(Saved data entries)
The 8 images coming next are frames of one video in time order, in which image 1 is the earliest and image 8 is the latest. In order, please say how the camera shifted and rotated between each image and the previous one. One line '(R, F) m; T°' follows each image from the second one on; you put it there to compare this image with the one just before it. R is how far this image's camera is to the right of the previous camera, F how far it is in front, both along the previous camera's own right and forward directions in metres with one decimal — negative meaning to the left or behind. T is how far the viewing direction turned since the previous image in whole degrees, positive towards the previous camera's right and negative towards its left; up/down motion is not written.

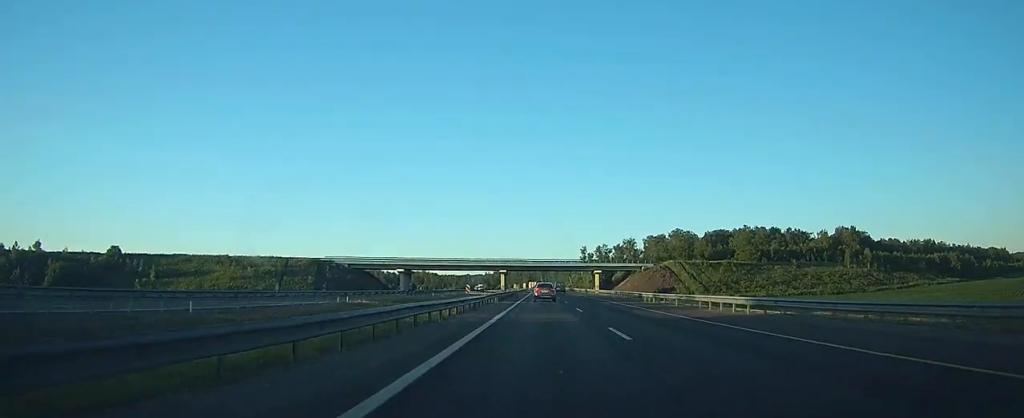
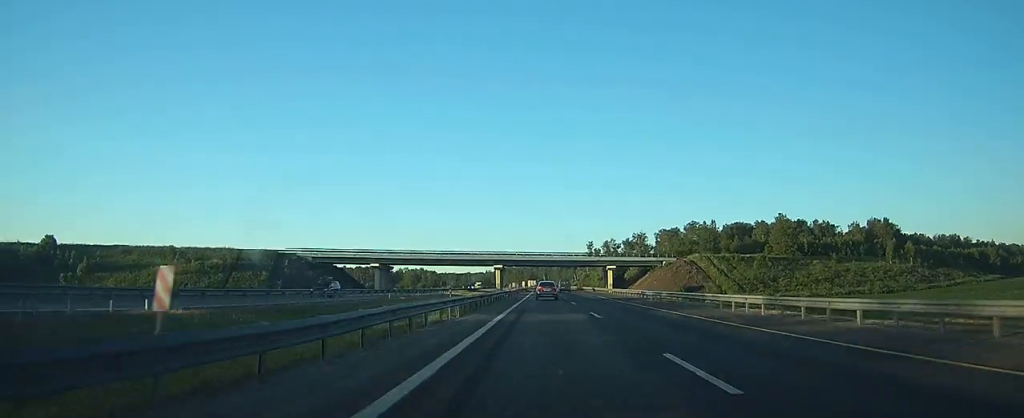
(0.0, +23.1) m; 0°
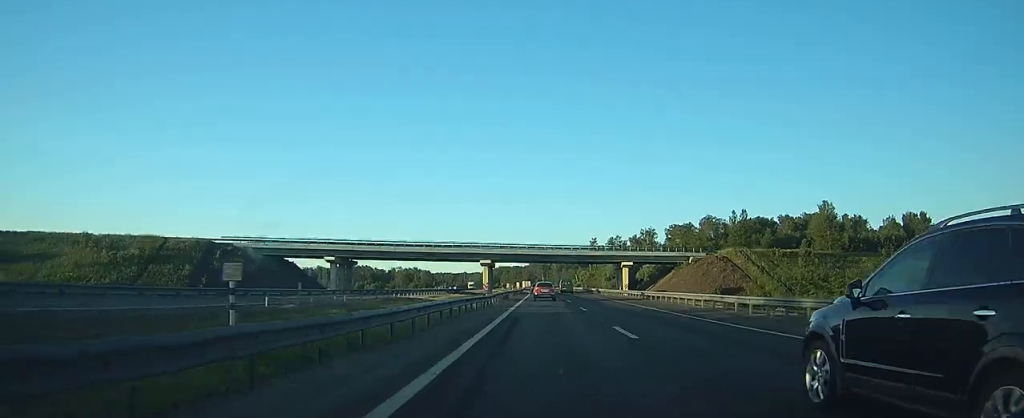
(0.0, +24.1) m; 0°
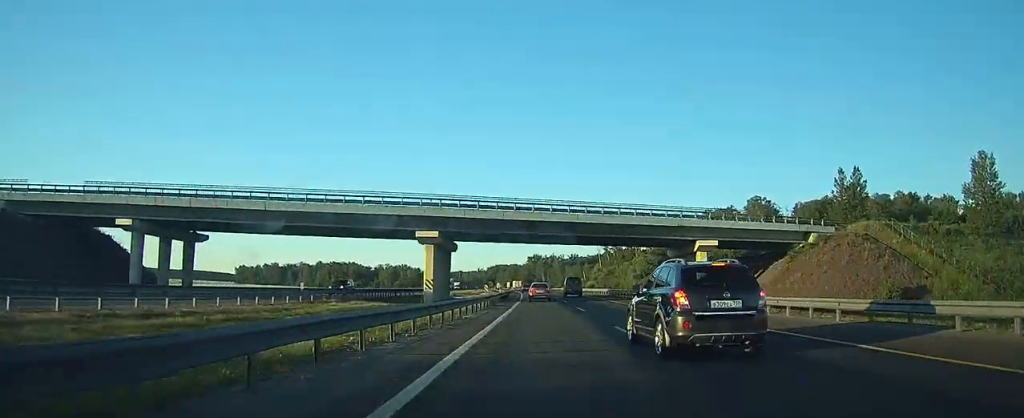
(0.0, +48.0) m; 0°
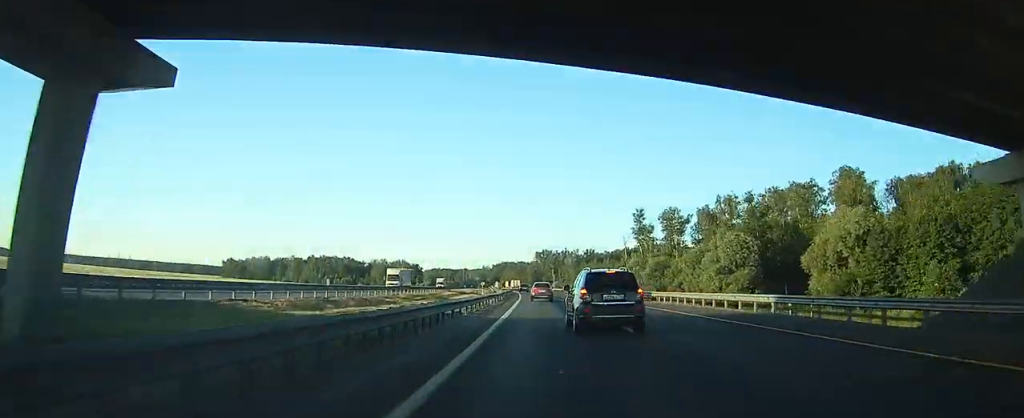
(-0.2, +46.4) m; -1°
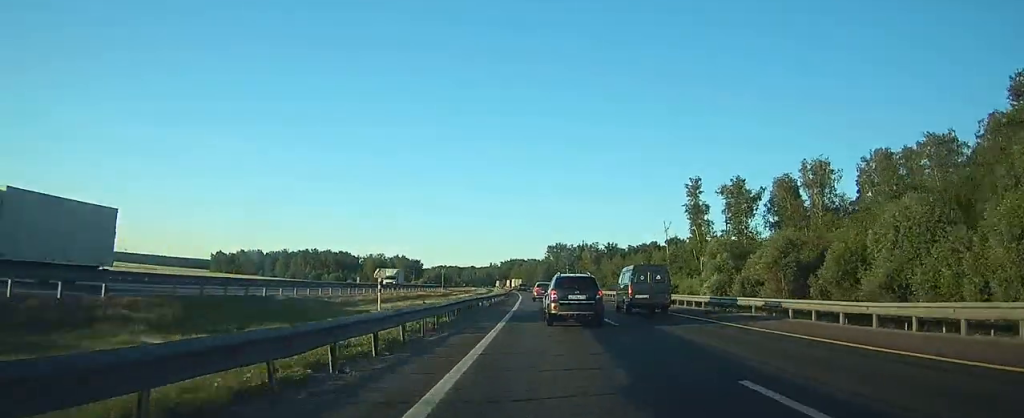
(-0.3, +43.7) m; -1°
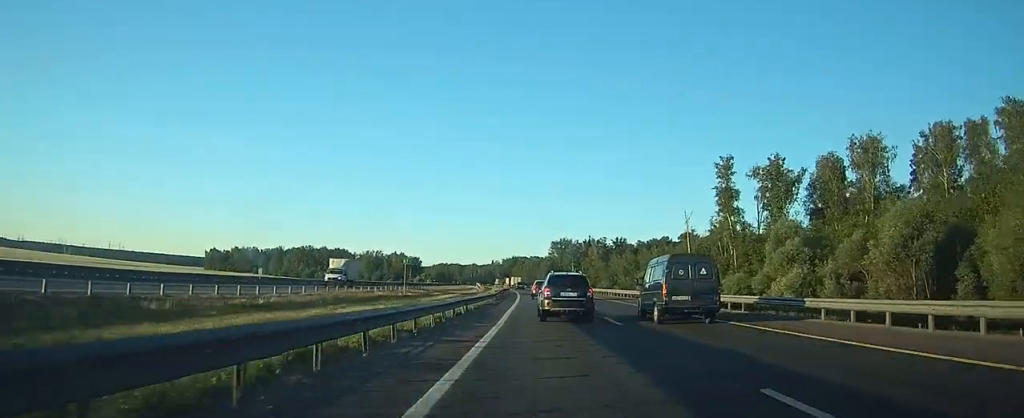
(0.0, +16.7) m; 0°
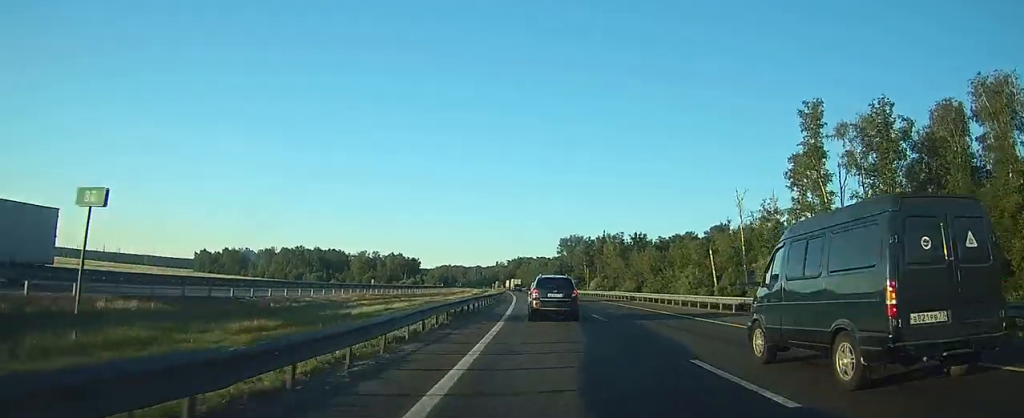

= The task =
Would you return the entries verbatim, minus any images?

= Answer to the problem =
The 8 images coming next are frames of one video in time order, in which image 1 is the earliest and image 8 is the latest. In order, please say how the camera shifted and rotated between each image and the previous one. One line '(R, F) m; T°' follows each image from the second one on; you put it there to compare this image with the one just before it. R is how far this image's camera is to the right of the previous camera, F how far it is in front, both along the previous camera's own right and forward directions in metres with one decimal — negative meaning to the left or behind. T is how far the viewing direction turned since the previous image in whole degrees, positive towards the previous camera's right and negative towards its left; up/down motion is not written.

(0.0, +23.1) m; 0°
(0.0, +24.1) m; 0°
(0.0, +48.0) m; 0°
(-0.2, +46.4) m; -1°
(-0.3, +43.7) m; -1°
(0.0, +16.7) m; 0°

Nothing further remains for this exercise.